A pragmatic selection workflow

  1. Characterise script, language, period, material, condition.
  2. Shortlist 2–3 pretrained models from the sources above by reading model cards.
  3. Transcribe ~25 lines of your own material as ground truth.
  4. Run each model; compare CER/WER.
  5. If the best clears target, ship it; if close, fine-tune it; if hopeless, train from scratch.

This puts measurement before commitment and stops you training a model you never needed.

Key Takeaways

  • Match the model to script, language, period, material and condition before anything else.
  • A specialised model on the right hand beats a larger generic model nearly every time.
  • Read model cards for training data and CER, but treat their reported CER as a screen, not proof.
  • Compare candidates on a held-out sample of your documents using CER/WER — never on demo pages.
  • Fine-tune the closest pretrained model before training from scratch; it needs far less ground truth.
  • Train from scratch only when no pretrained model clears your target on your own sample.

Frequently Asked Questions

How do I pick an HTR model for my manuscript?

Match the model's training data to your script, language and period first, then test two or three candidates on a sample page and compare CER. The closest match in hand and era almost always wins, even over a larger generic model.

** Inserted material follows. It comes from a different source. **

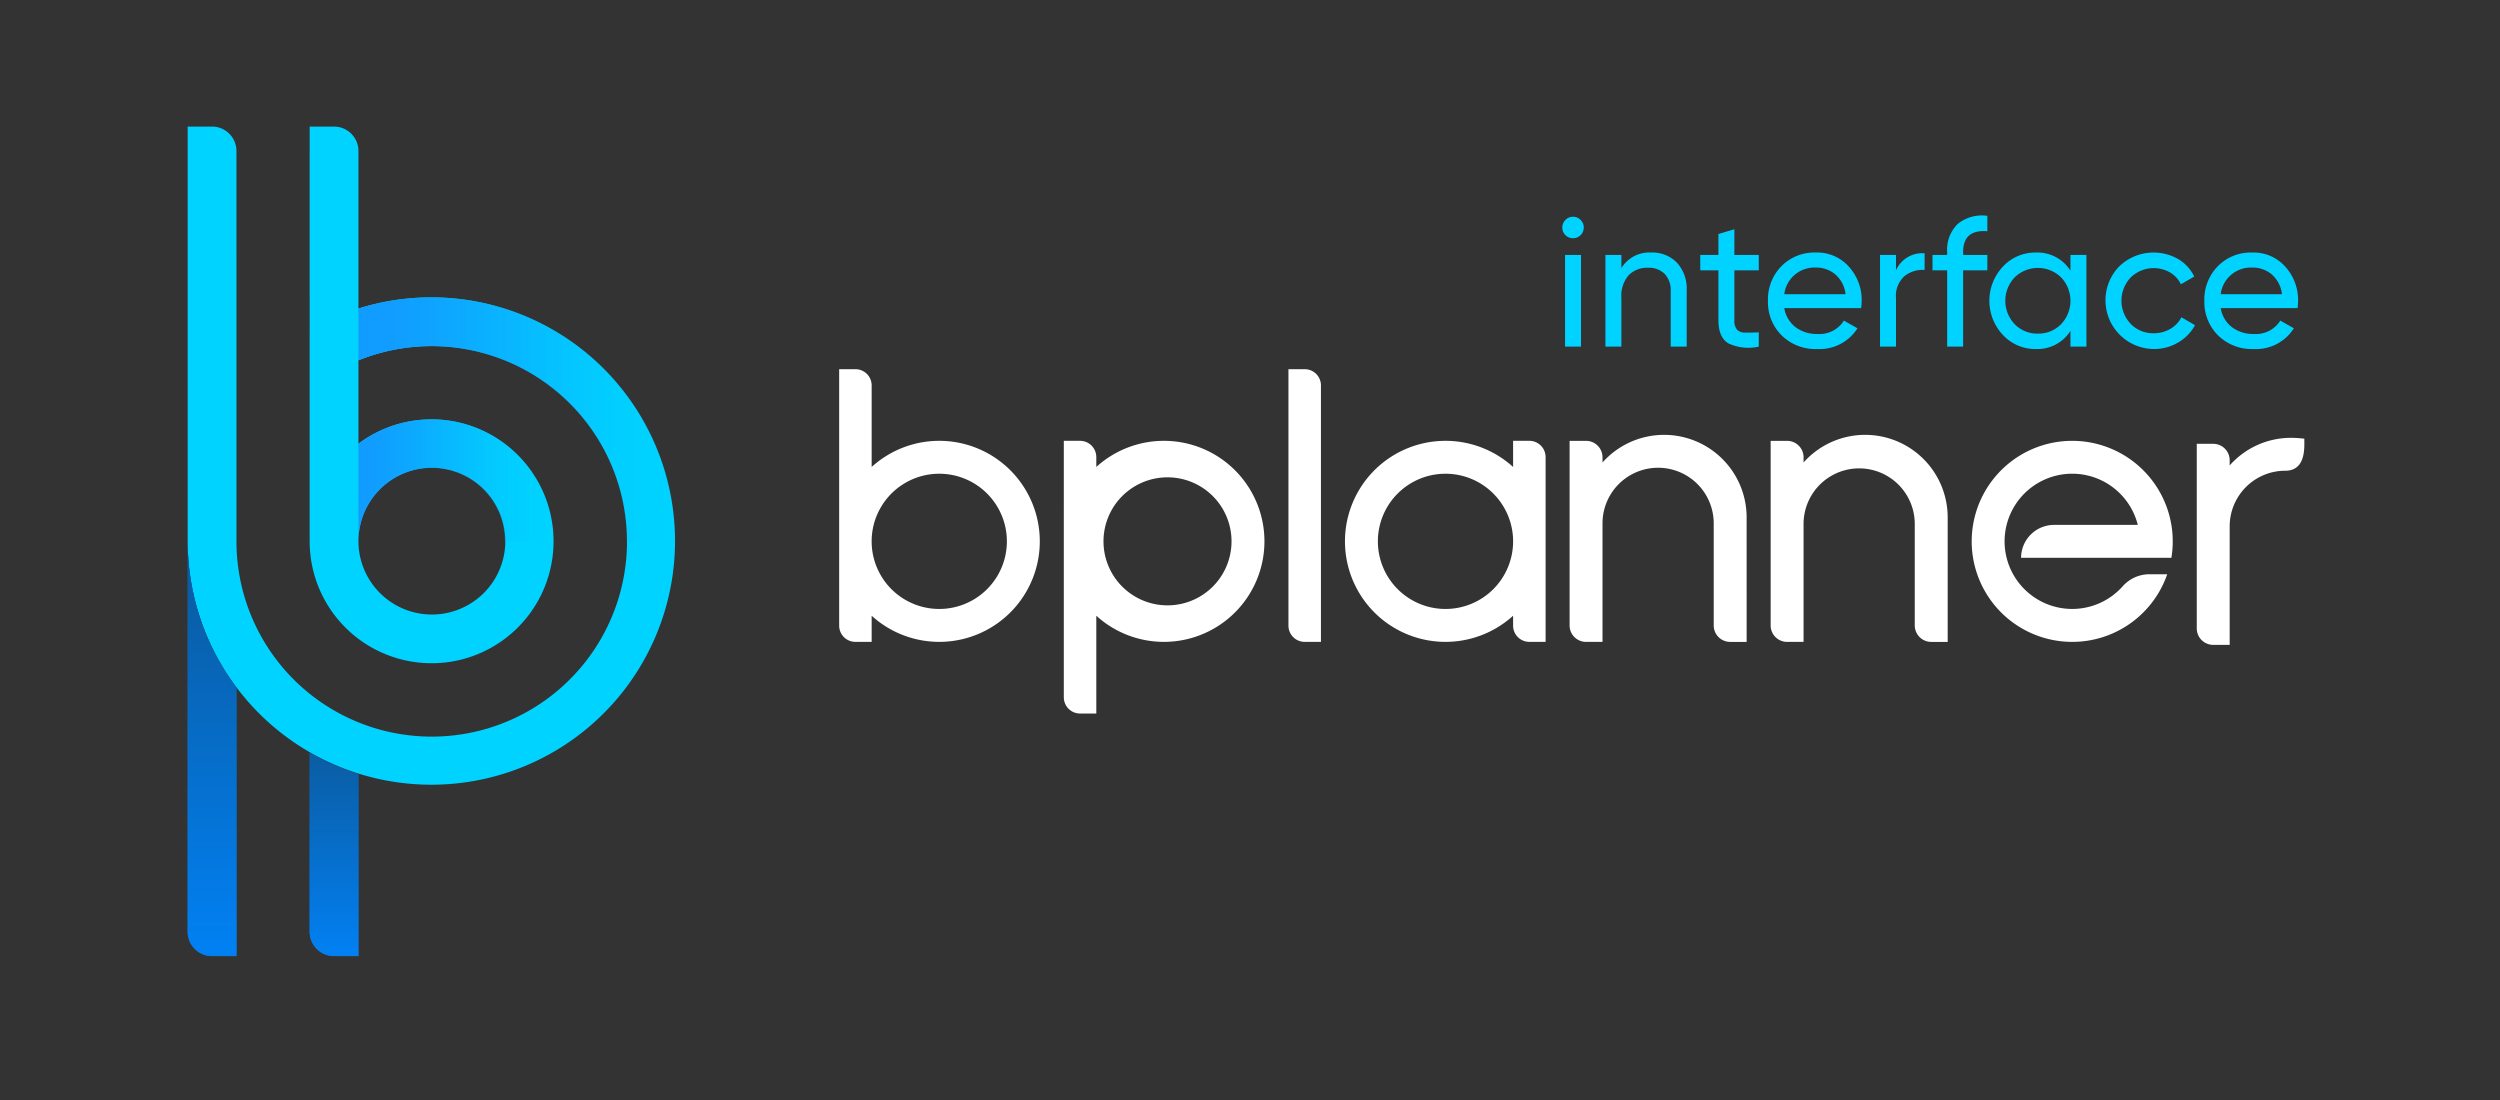 <?xml version="1.0" encoding="UTF-8"?> <svg xmlns="http://www.w3.org/2000/svg" xmlns:xlink="http://www.w3.org/1999/xlink" id="Слой_1" data-name="Слой 1" viewBox="0 0 354.331 155.906"><rect x="0" y="0" width="354.331" height="155.906" fill="#333333" stroke="none"/> <defs> <style>.cls-1{fill:none;}.cls-2{fill:#00d3ff;}.cls-3{fill:#fff;fill-rule:evenodd;}.cls-4{fill:url(#Безымянный_градиент);}.cls-5{fill:url(#Безымянный_градиент_2);}.cls-6{fill:url(#Безымянный_градиент_3);}.cls-7{clip-path:url(#clip-path);}.cls-8{fill:url(#Безымянный_градиент_5);}.cls-9{clip-path:url(#clip-path-2);}</style> <linearGradient id="Безымянный_градиент" x1="50.803" y1="-2155.897" x2="95.757" y2="-2155.897" gradientTransform="matrix(1, 0, 0, -1, 0, -2096.46)" gradientUnits="userSpaceOnUse"> <stop offset="0" stop-color="#119bff"></stop> <stop offset="0.102" stop-color="#119cff" stop-opacity="0.98"></stop> <stop offset="0.226" stop-color="#109fff" stop-opacity="0.922"></stop> <stop offset="0.361" stop-color="#0ea5ff" stop-opacity="0.826"></stop> <stop offset="0.503" stop-color="#0cacff" stop-opacity="0.692"></stop> <stop offset="0.652" stop-color="#09b6ff" stop-opacity="0.52"></stop> <stop offset="0.806" stop-color="#05c2ff" stop-opacity="0.309"></stop> <stop offset="0.962" stop-color="#01cfff" stop-opacity="0.064"></stop> <stop offset="1" stop-color="#00d3ff" stop-opacity="0"></stop> </linearGradient> <linearGradient id="Безымянный_градиент_2" x1="50.803" y1="-2164.541" x2="78.466" y2="-2164.541" gradientTransform="matrix(1, 0, 0, -1, 0, -2096.46)" gradientUnits="userSpaceOnUse"> <stop offset="0" stop-color="#119bff"></stop> <stop offset="0.09" stop-color="#119cff" stop-opacity="0.974"></stop> <stop offset="0.217" stop-color="#0fa0ff" stop-opacity="0.902"></stop> <stop offset="0.365" stop-color="#0da7ff" stop-opacity="0.784"></stop> <stop offset="0.53" stop-color="#0bb0ff" stop-opacity="0.62"></stop> <stop offset="0.708" stop-color="#07bcff" stop-opacity="0.408"></stop> <stop offset="0.895" stop-color="#03caff" stop-opacity="0.155"></stop> <stop offset="1" stop-color="#00d3ff" stop-opacity="0"></stop> </linearGradient> <linearGradient id="Безымянный_градиент_3" x1="47.389" y1="-2202.978" x2="47.389" y2="-2231.471" gradientTransform="matrix(1, 0, 0, -1, 0, -2096.46)" gradientUnits="userSpaceOnUse"> <stop offset="0" stop-color="#0b5ca2"></stop> <stop offset="1" stop-color="#0280f2"></stop> </linearGradient> <clipPath id="clip-path"> <path class="cls-1" d="M43.888,106.679v25.376a3.456,3.456,0,0,0,3.456,3.455H50.803V109.722l.087.027a34.668,34.668,0,0,1-7.002-3.07"></path> </clipPath> <linearGradient id="Безымянный_градиент_5" x1="30.056" y1="-2173.5" x2="30.056" y2="-2230.79" gradientTransform="matrix(1, 0, 0, -1, 0, -2096.46)" gradientUnits="userSpaceOnUse"> <stop offset="0" stop-color="#0b599c"></stop> <stop offset="1" stop-color="#0180f2"></stop> </linearGradient> <clipPath id="clip-path-2"> <path class="cls-1" d="M33.515,97.48a34.49,34.49,0,0,1-6.915-20.753v55.26l-.002.068a3.459,3.459,0,0,0,3.289,3.453l.005.002h3.623Z"></path> </clipPath> </defs> <title>logo BP</title> <path class="cls-2" d="M50.803,76.726v-.071a10.408,10.408,0,1,1,0,.071m-6.915-.09v.09a17.284,17.284,0,1,0,6.915-13.836V51.073A27.677,27.677,0,1,1,33.515,76.944q0-27.738-.002-55.475v-.07A3.46,3.46,0,0,0,30.226,17.943l-.005-.002h-3.623l.002,58.803v-.018A34.537,34.537,0,1,0,50.803,43.729V21.398a3.458,3.458,0,0,0-3.453-3.457h-3.462Z"></path> <path class="cls-3" d="M227.129,65.547a11.694,11.694,0,0,1,20.424,7.78l.001,15.311v2.34h-2.332a2.331,2.331,0,0,1-2.332-2.331v-0l-.001-0V74.177a7.88,7.88,0,0,0-15.761,0V90.977h-2.333a2.332,2.332,0,0,1-2.332-2.332V62.483h2.332a2.332,2.332,0,0,1,2.332,2.332l.001.001ZM216.758,90.974a2.303,2.303,0,0,1-2.303-2.303V87.269a14.247,14.247,0,1,1,0-21.085V62.479h2.303a2.303,2.303,0,0,1,2.303,2.303h0V90.974ZM195.29,76.726a9.583,9.583,0,1,0,9.582-9.583h0A9.583,9.583,0,0,0,195.29,76.726Zm-12.675-24.401h2.303A2.302,2.302,0,0,1,187.221,54.627V90.974h-2.303a2.303,2.303,0,0,1-2.303-2.303V52.325ZM123.542,66.184a14.247,14.247,0,1,1,0,21.085v3.705h-2.302a2.302,2.302,0,0,1-2.302-2.301l-.001-.001c.002-12.116,0-21.926,0-34.044V52.325h2.308a2.303,2.303,0,0,1,2.297,2.303Zm19.165,10.542a9.583,9.583,0,1,0,0,.001v-.001Zm31.84,0a9.073,9.073,0,1,1,0-.001v.001Zm-19.165,10.543a14.247,14.247,0,1,0,0-21.085V64.782l-.001-.001a2.303,2.303,0,0,0-2.301-2.301h-2.303q0,18.172-.001,36.346l.001-0v.075a2.303,2.303,0,0,0,2.296,2.228h2.309ZM255.623,65.547a11.694,11.694,0,0,1,20.425,7.78l.001,15.311v2.34h-2.332a2.332,2.332,0,0,1-2.332-2.332l-.001-0V74.177a7.881,7.881,0,0,0-15.761,0V90.977H253.291a2.332,2.332,0,0,1-2.332-2.332V62.483h2.332a2.332,2.332,0,0,1,2.332,2.332l.001.001Zm38.078-3.067a14.251,14.251,0,0,1,14.055,16.579h-21.304a4.678,4.678,0,0,1,4.664-4.664h11.878a9.583,9.583,0,1,0-2.081,8.636,5.062,5.062,0,0,1,3.704-1.641h2.548a14.248,14.248,0,1,1-13.464-18.91Zm22.316,3.488a11.601,11.601,0,0,1,8.736-3.914,15.555,15.555,0,0,1,1.845.126c.002.279.001.557.001.835,0,1.916-.545,3.703-2.701,3.703a7.881,7.881,0,0,0-7.88,7.881V91.399h-2.333a2.333,2.333,0,0,1-2.332-2.332V62.904h2.332a2.332,2.332,0,0,1,2.332,2.332v0h.001Z"></path> <path class="cls-4" d="M50.803,51.073A27.68,27.68,0,0,1,88.839,76.726h6.917A34.61,34.61,0,0,0,50.803,43.729Z"></path> <path class="cls-5" d="M78.466,76.726A17.292,17.292,0,0,0,50.803,62.89V76.655a10.373,10.373,0,0,1,20.746.071Z"></path> <path class="cls-6" d="M43.888,106.679v25.376a3.456,3.456,0,0,0,3.456,3.455H50.803V109.722l.087.027a34.668,34.668,0,0,1-7.002-3.07"></path> <g class="cls-7"> <rect class="cls-6" x="43.888" y="106.679" width="7.002" height="28.831"></rect> </g> <path class="cls-1" d="M43.888,106.679v25.376a3.456,3.456,0,0,0,3.456,3.455H50.803V109.722l.087.027a34.668,34.668,0,0,1-7.002-3.07"></path> <path class="cls-8" d="M33.515,97.48a34.49,34.49,0,0,1-6.915-20.753v55.26l-.002.068a3.459,3.459,0,0,0,3.289,3.453l.005.002h3.623Z"></path> <g class="cls-9"> <rect class="cls-8" x="26.598" y="76.726" width="6.917" height="58.783"></rect> </g> <path class="cls-1" d="M33.515,97.48a34.49,34.49,0,0,1-6.915-20.753v55.26l-.002.068a3.459,3.459,0,0,0,3.289,3.453l.005.002h3.623Z"></path> <path class="cls-1" d="M50.803,51.073A27.68,27.68,0,0,1,88.839,76.726h6.917A34.61,34.61,0,0,0,50.803,43.729Z"></path> <path class="cls-2" d="M222.964,33.763a1.484,1.484,0,0,1-1.093-.441,1.452,1.452,0,0,1-.441-1.066,1.495,1.495,0,0,1,.441-1.079,1.466,1.466,0,0,1,1.093-.455,1.434,1.434,0,0,1,1.065.455,1.496,1.496,0,0,1,.442,1.079,1.509,1.509,0,0,1-1.508,1.508ZM221.819,49.129v-13h2.262v13Z"></path> <path class="cls-2" d="M234.014,35.791a4.836,4.836,0,0,1,3.666,1.443,5.434,5.434,0,0,1,1.378,3.913V49.129h-2.263V41.277a3.355,3.355,0,0,0-.857-2.457,3.17,3.17,0,0,0-2.366-.871,3.666,3.666,0,0,0-2.73,1.053,4.444,4.444,0,0,0-1.04,3.237V49.129h-2.262v-13h2.262V38.001A4.625,4.625,0,0,1,234.014,35.791Z"></path> <path class="cls-2" d="M249.275,38.314h-3.458v7.046a1.975,1.975,0,0,0,.377,1.365,1.551,1.551,0,0,0,1.157.416q.779.013,1.924-.039V49.129a6.694,6.694,0,0,1-4.342-.48q-1.378-.872-1.378-3.289v-7.046h-2.574V36.129h2.574V33.165l2.262-.676V36.129h3.458Z"></path> <path class="cls-2" d="M252.889,43.669a4.284,4.284,0,0,0,1.6,2.704,4.968,4.968,0,0,0,3.106.962,4.07,4.07,0,0,0,3.744-1.897l1.924,1.092a6.351,6.351,0,0,1-5.72,2.938,6.806,6.806,0,0,1-5.031-1.937A6.642,6.642,0,0,1,250.575,42.629a6.725,6.725,0,0,1,1.897-4.888,6.555,6.555,0,0,1,4.914-1.95,5.983,5.983,0,0,1,4.667,2.015,7.011,7.011,0,0,1,1.808,4.85,6.863,6.863,0,0,1-.078,1.014Zm4.498-5.746a4.319,4.319,0,0,0-4.498,3.771h8.685a4.342,4.342,0,0,0-1.456-2.809A4.175,4.175,0,0,0,257.387,37.923Z"></path> <path class="cls-2" d="M268.722,38.314a4.078,4.078,0,0,1,4.057-2.418V38.261a4.099,4.099,0,0,0-2.86.885,3.74,3.74,0,0,0-1.196,3.094V49.129H266.46v-13h2.262Z"></path> <path class="cls-2" d="M281.671,32.775q-3.432-.286-3.433,2.964V36.129h3.433v2.185h-3.433V49.129h-2.262V38.314h-2.08V36.129h2.08v-.39a5.141,5.141,0,0,1,1.469-3.979,5.465,5.465,0,0,1,4.226-1.17Z"></path> <path class="cls-2" d="M293.449,36.129h2.262v13h-2.262V46.894a5.517,5.517,0,0,1-4.914,2.573,6.239,6.239,0,0,1-4.654-1.988,7.073,7.073,0,0,1,0-9.698,6.236,6.236,0,0,1,4.654-1.989,5.518,5.518,0,0,1,4.914,2.574Zm-4.629,11.154a4.462,4.462,0,0,0,3.303-1.339,4.806,4.806,0,0,0,0-6.63,4.709,4.709,0,0,0-6.578,0,4.806,4.806,0,0,0,0,6.63A4.427,4.427,0,0,0,288.82,47.283Z"></path> <path class="cls-2" d="M305.253,49.467a6.904,6.904,0,0,1-4.888-11.713,7.016,7.016,0,0,1,8.346-1.04,5.804,5.804,0,0,1,2.288,2.483l-1.898,1.092a3.852,3.852,0,0,0-1.521-1.664,4.667,4.667,0,0,0-5.59.702,4.775,4.775,0,0,0,0,6.578,4.407,4.407,0,0,0,3.263,1.326,4.534,4.534,0,0,0,2.34-.611,4.087,4.087,0,0,0,1.586-1.651l1.924,1.118a6.314,6.314,0,0,1-2.392,2.457A6.667,6.667,0,0,1,305.253,49.467Z"></path> <path class="cls-2" d="M314.742,43.669a4.284,4.284,0,0,0,1.6,2.704,4.968,4.968,0,0,0,3.106.962,4.07,4.07,0,0,0,3.744-1.897l1.924,1.092a6.351,6.351,0,0,1-5.72,2.938,6.806,6.806,0,0,1-5.031-1.937,6.643,6.643,0,0,1-1.937-4.901,6.725,6.725,0,0,1,1.897-4.888,6.555,6.555,0,0,1,4.914-1.95,5.983,5.983,0,0,1,4.667,2.015,7.011,7.011,0,0,1,1.808,4.85,6.863,6.863,0,0,1-.078,1.014Zm4.498-5.746a4.319,4.319,0,0,0-4.498,3.771h8.685a4.342,4.342,0,0,0-1.456-2.809A4.175,4.175,0,0,0,319.24,37.923Z"></path> </svg>

Can a generic HTR model read any handwriting?

No single model reads all hands well. So-called generic or "super" models cover common cases but underperform specialised models on distinctive scripts like secretary hand, Kurrent or Greek minuscule.

When should I train my own HTR model instead of using a pretrained one?

Train your own when no pretrained model gets below your target CER on a sample, and you have or can create a few thousand ground-truth lines. Otherwise fine-tune the closest pretrained model — it is faster and needs less data.

Where do I find pretrained HTR models?

Transkribus' public model marketplace, the Kraken/eScriptorium model repositories, and Zenodo collections host pretrained HTR models with documented training data, language and CER. Always read the model card before using one.

How do I compare HTR models objectively?

Transcribe a held-out sample of your own material as ground truth, run each candidate model over it, and compare character error rate (CER) and word error rate. Test on your documents, never on the model's own demo pages.